*Task brief*: Would you transcribe each entry that follows word for word, minus the images?

*Data supplied*:
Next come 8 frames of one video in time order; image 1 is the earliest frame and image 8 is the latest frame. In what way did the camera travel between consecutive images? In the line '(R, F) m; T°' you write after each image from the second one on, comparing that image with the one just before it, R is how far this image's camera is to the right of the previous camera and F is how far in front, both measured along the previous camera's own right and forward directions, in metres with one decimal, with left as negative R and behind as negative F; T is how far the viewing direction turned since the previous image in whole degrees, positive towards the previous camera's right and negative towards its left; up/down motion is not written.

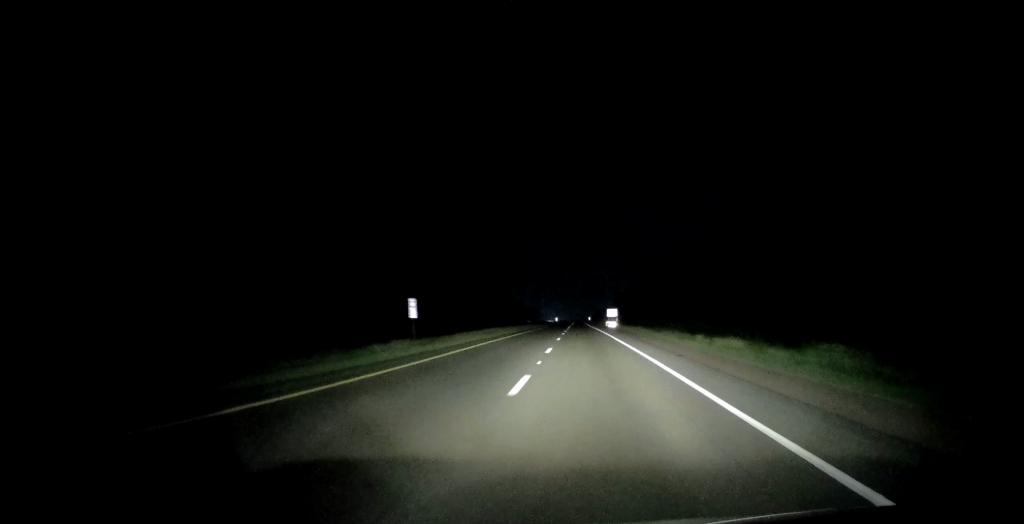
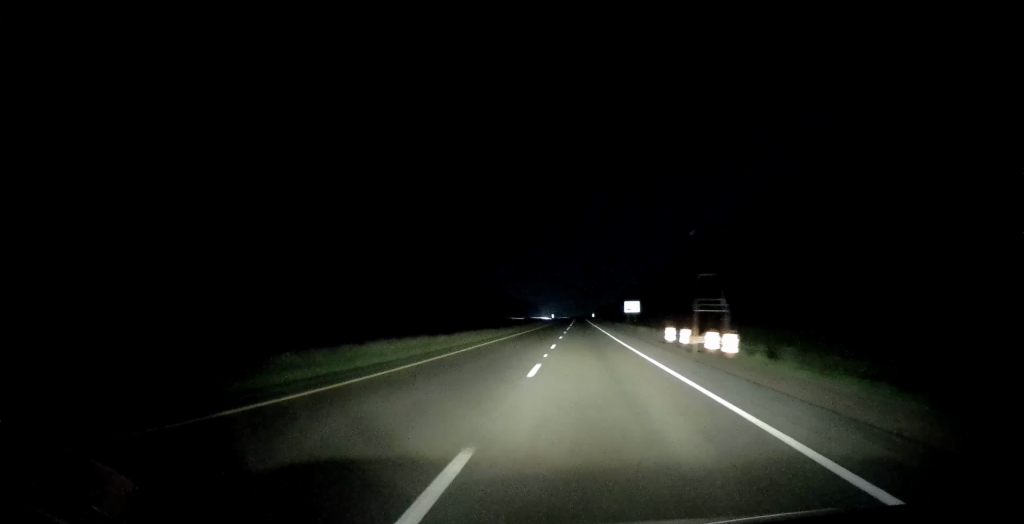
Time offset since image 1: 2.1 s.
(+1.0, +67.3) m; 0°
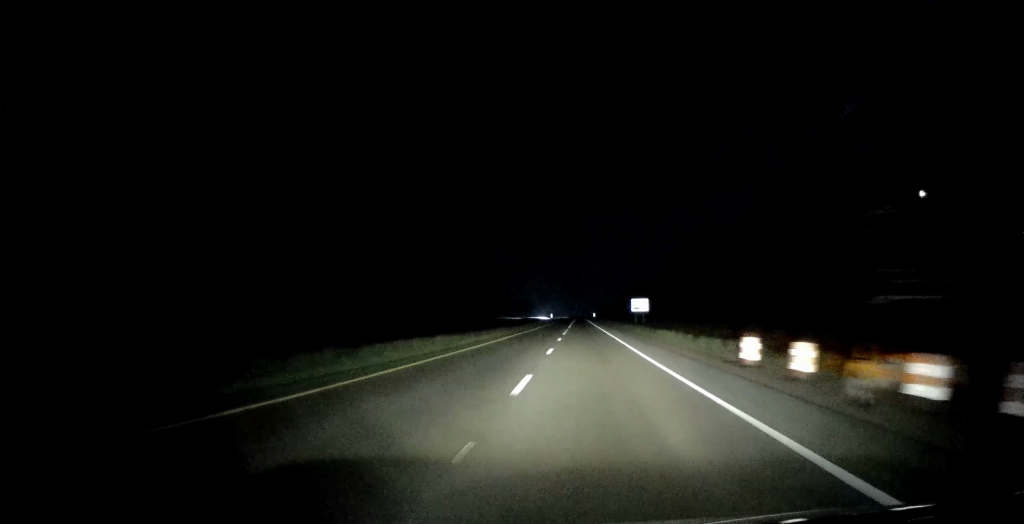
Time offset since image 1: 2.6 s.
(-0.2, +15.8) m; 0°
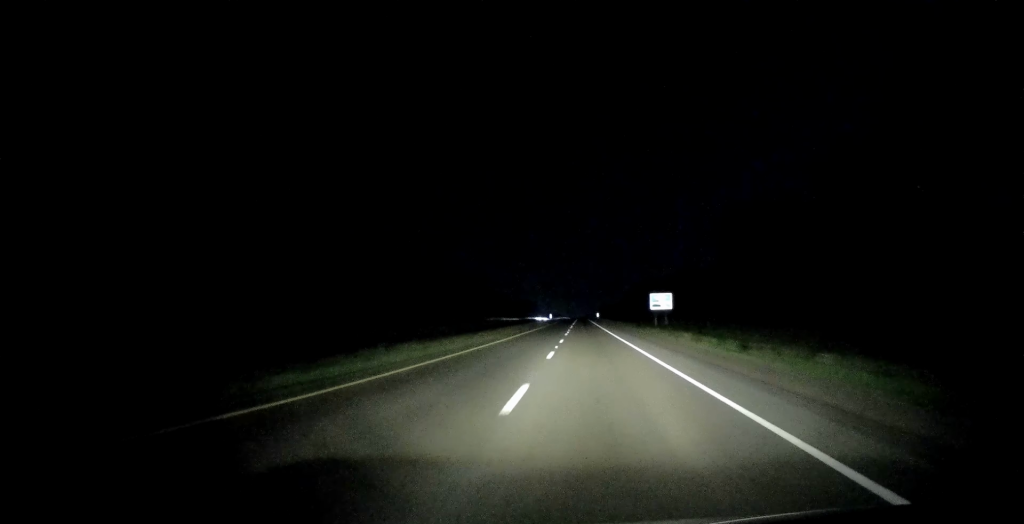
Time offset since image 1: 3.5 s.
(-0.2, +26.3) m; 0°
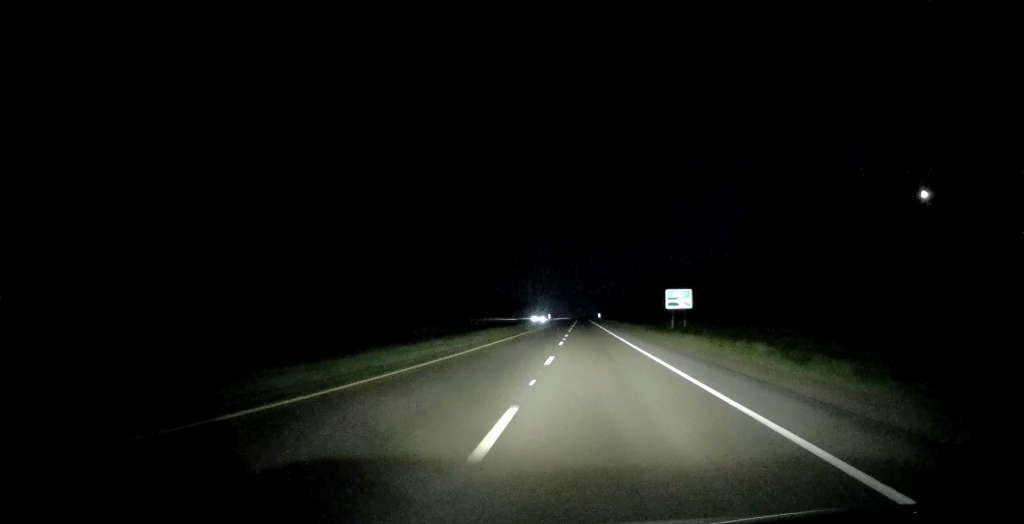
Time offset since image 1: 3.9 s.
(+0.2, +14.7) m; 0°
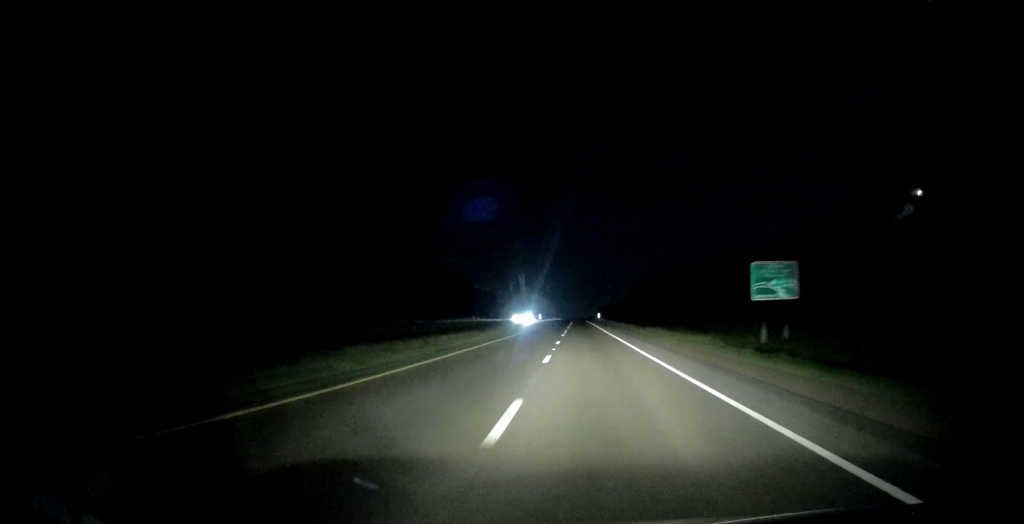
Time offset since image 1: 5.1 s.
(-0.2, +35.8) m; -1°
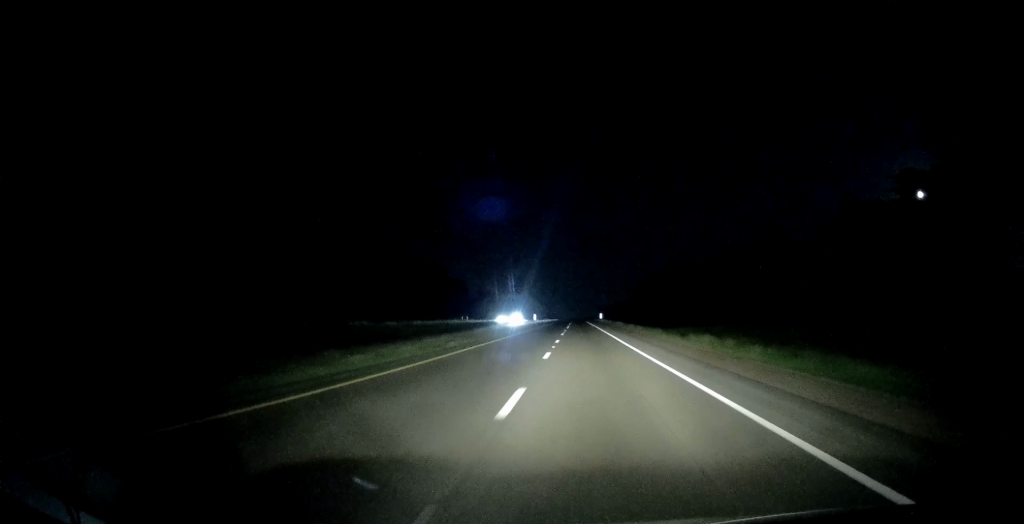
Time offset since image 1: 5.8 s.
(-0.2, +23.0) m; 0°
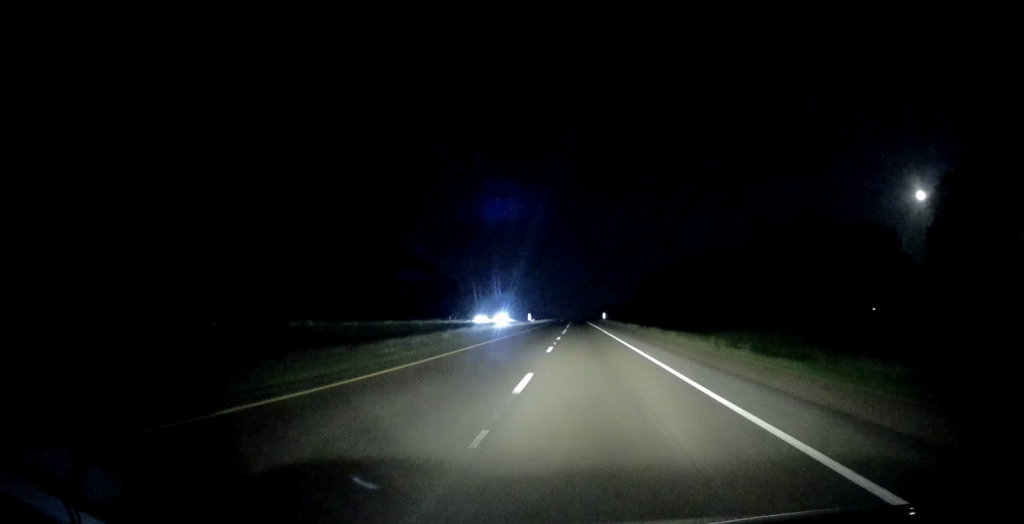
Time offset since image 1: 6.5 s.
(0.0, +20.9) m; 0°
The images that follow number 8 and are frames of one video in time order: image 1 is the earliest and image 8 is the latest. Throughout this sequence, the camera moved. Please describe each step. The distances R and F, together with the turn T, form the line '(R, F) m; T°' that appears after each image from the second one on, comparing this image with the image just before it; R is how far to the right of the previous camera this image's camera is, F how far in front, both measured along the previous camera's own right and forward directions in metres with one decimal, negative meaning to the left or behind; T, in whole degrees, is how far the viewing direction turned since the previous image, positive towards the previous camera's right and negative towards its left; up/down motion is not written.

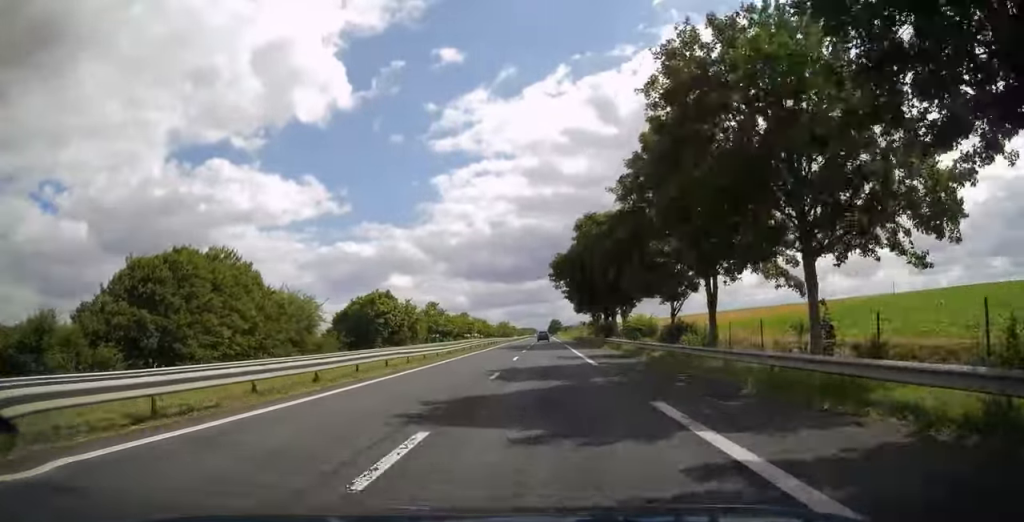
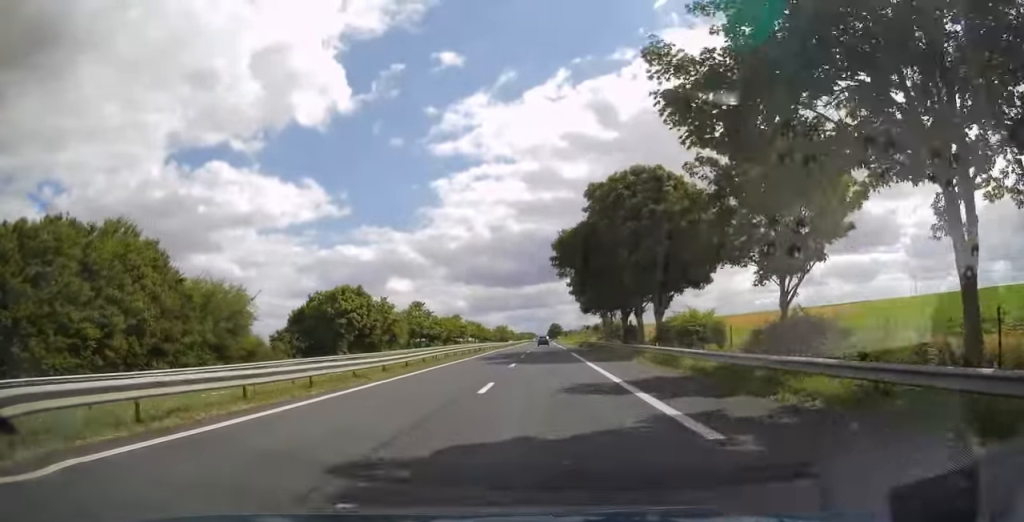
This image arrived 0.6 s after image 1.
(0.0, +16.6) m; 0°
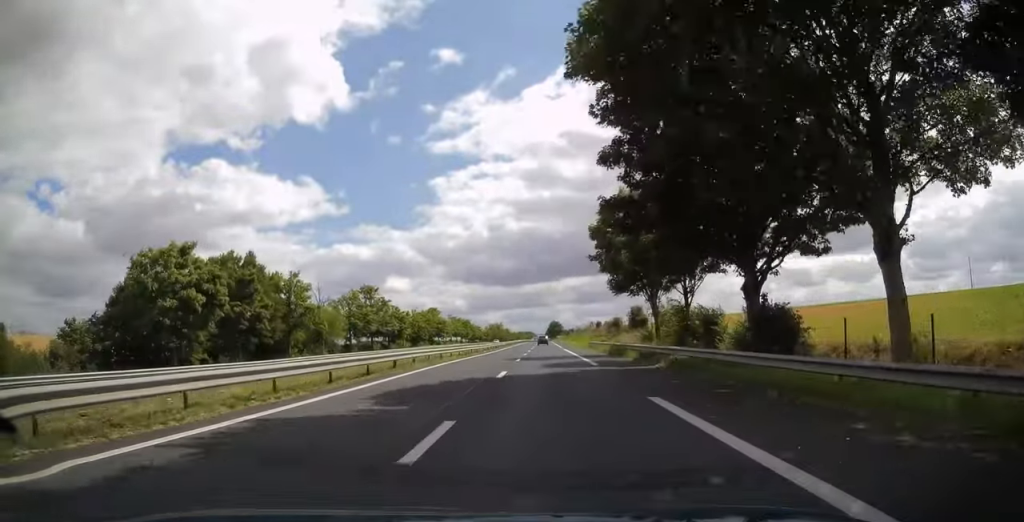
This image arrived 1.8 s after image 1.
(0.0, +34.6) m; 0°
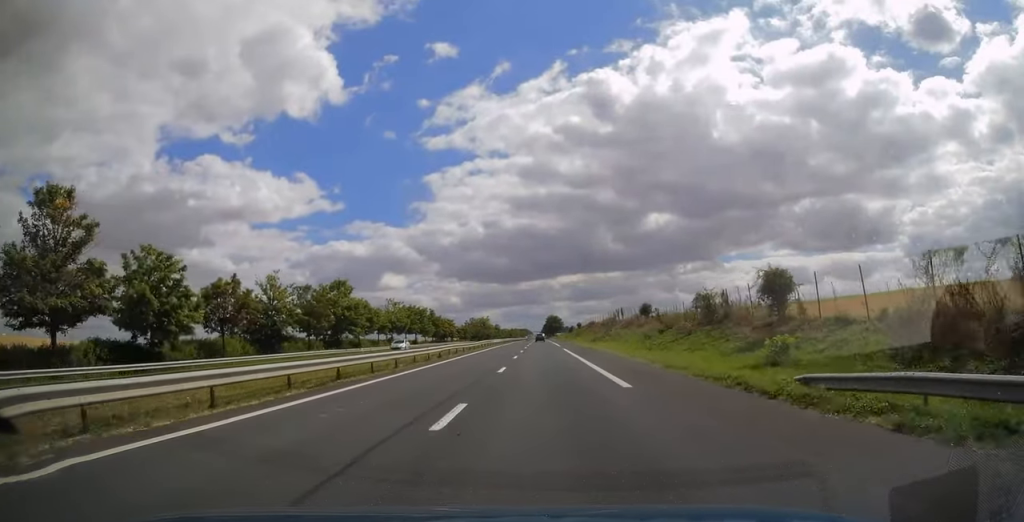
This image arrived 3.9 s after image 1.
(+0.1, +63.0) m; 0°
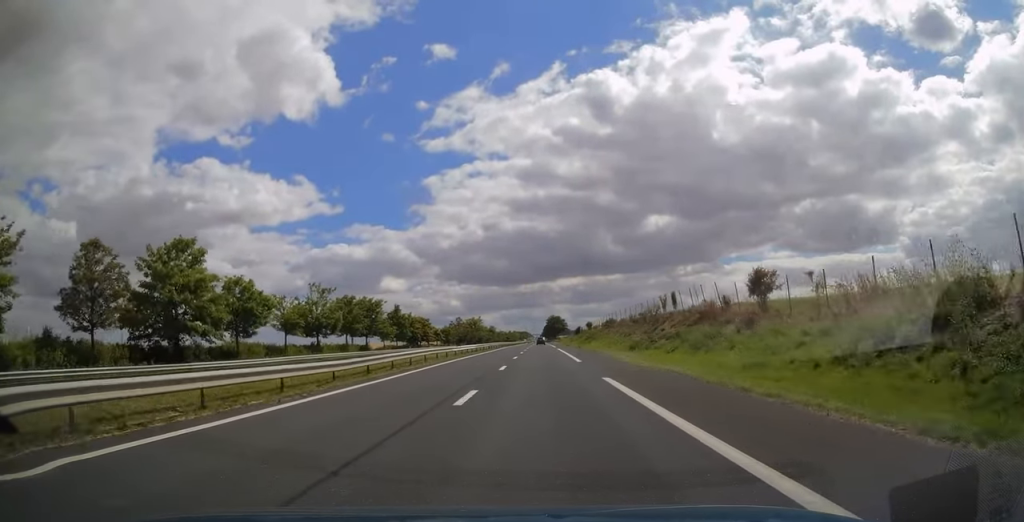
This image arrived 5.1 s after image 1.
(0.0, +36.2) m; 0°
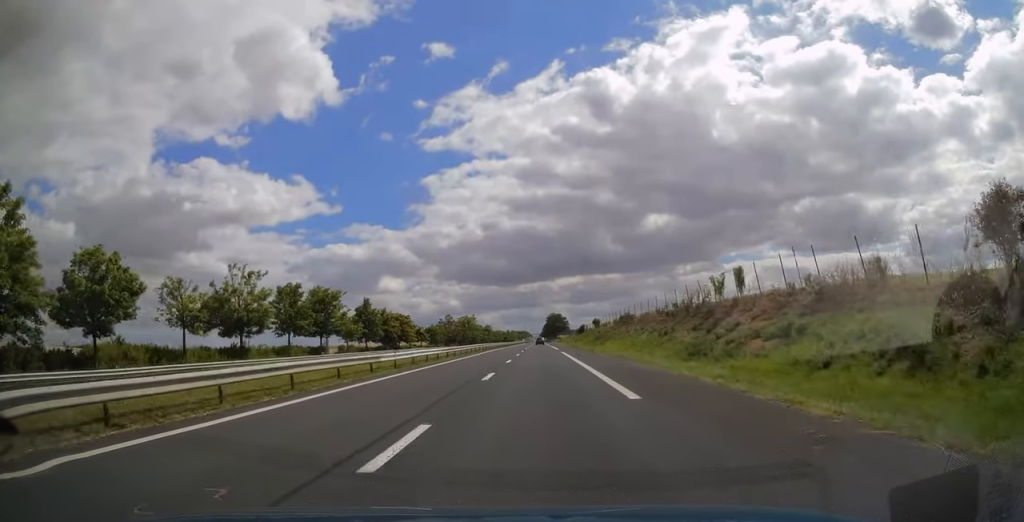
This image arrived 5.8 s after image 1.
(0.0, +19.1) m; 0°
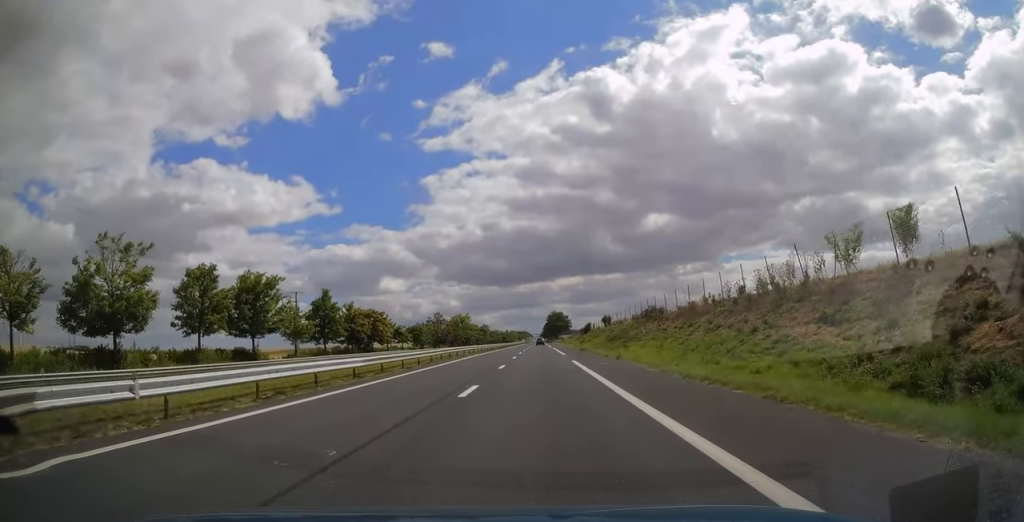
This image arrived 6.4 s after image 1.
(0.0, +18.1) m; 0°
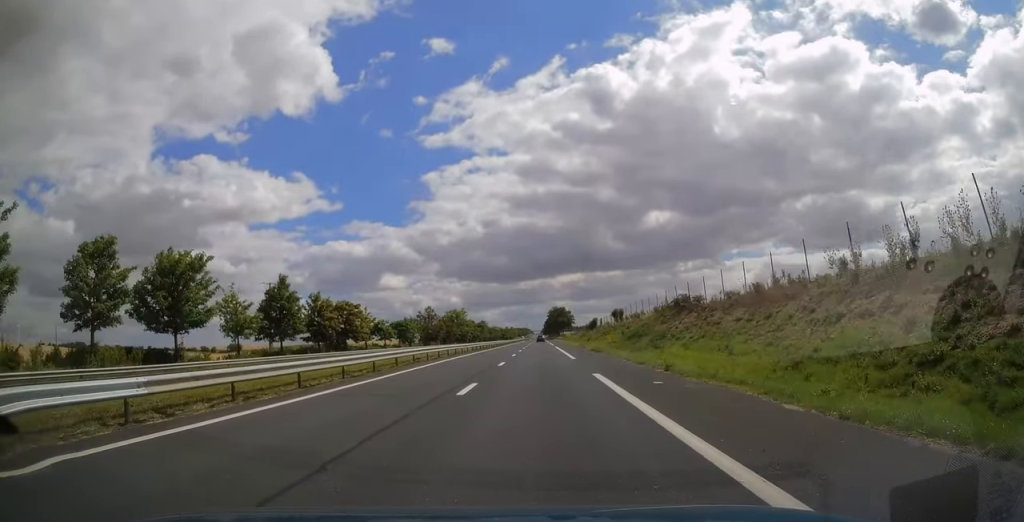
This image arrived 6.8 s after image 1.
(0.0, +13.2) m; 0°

*Result below*:
Next come 8 frames of one video in time order; image 1 is the earliest frame and image 8 is the latest frame. In what way did the camera travel between consecutive images? In the line '(R, F) m; T°' you write after each image from the second one on, comparing that image with the one just before it, R is how far this image's camera is to the right of the previous camera and F is how far in front, both measured along the previous camera's own right and forward directions, in metres with one decimal, with left as negative R and behind as negative F; T is how far the viewing direction turned since the previous image in whole degrees, positive towards the previous camera's right and negative towards its left; up/down motion is not written.

Time offset since image 1: 2.1 s.
(+1.0, +67.3) m; 0°
Time offset since image 1: 2.6 s.
(-0.2, +15.8) m; 0°
Time offset since image 1: 3.5 s.
(-0.2, +26.3) m; 0°
Time offset since image 1: 3.9 s.
(+0.2, +14.7) m; 0°
Time offset since image 1: 5.1 s.
(-0.2, +35.8) m; -1°
Time offset since image 1: 5.8 s.
(-0.2, +23.0) m; 0°
Time offset since image 1: 6.5 s.
(0.0, +20.9) m; 0°
The images that follow number 8 and are frames of one video in time order: image 1 is the earliest and image 8 is the latest. Throughout this sequence, the camera moved. Please describe each step. The distances R and F, together with the turn T, form the line '(R, F) m; T°' that appears after each image from the second one on, comparing this image with the image just before it; R is how far to the right of the previous camera this image's camera is, F how far in front, both measured along the previous camera's own right and forward directions in metres with one decimal, negative meaning to the left or behind; T, in whole degrees, is how far the viewing direction turned since the previous image, positive towards the previous camera's right and negative towards its left; up/down motion is not written.

This image arrived 0.6 s after image 1.
(0.0, +16.6) m; 0°
This image arrived 1.8 s after image 1.
(0.0, +34.6) m; 0°
This image arrived 3.9 s after image 1.
(+0.1, +63.0) m; 0°
This image arrived 5.1 s after image 1.
(0.0, +36.2) m; 0°
This image arrived 5.8 s after image 1.
(0.0, +19.1) m; 0°
This image arrived 6.4 s after image 1.
(0.0, +18.1) m; 0°
This image arrived 6.8 s after image 1.
(0.0, +13.2) m; 0°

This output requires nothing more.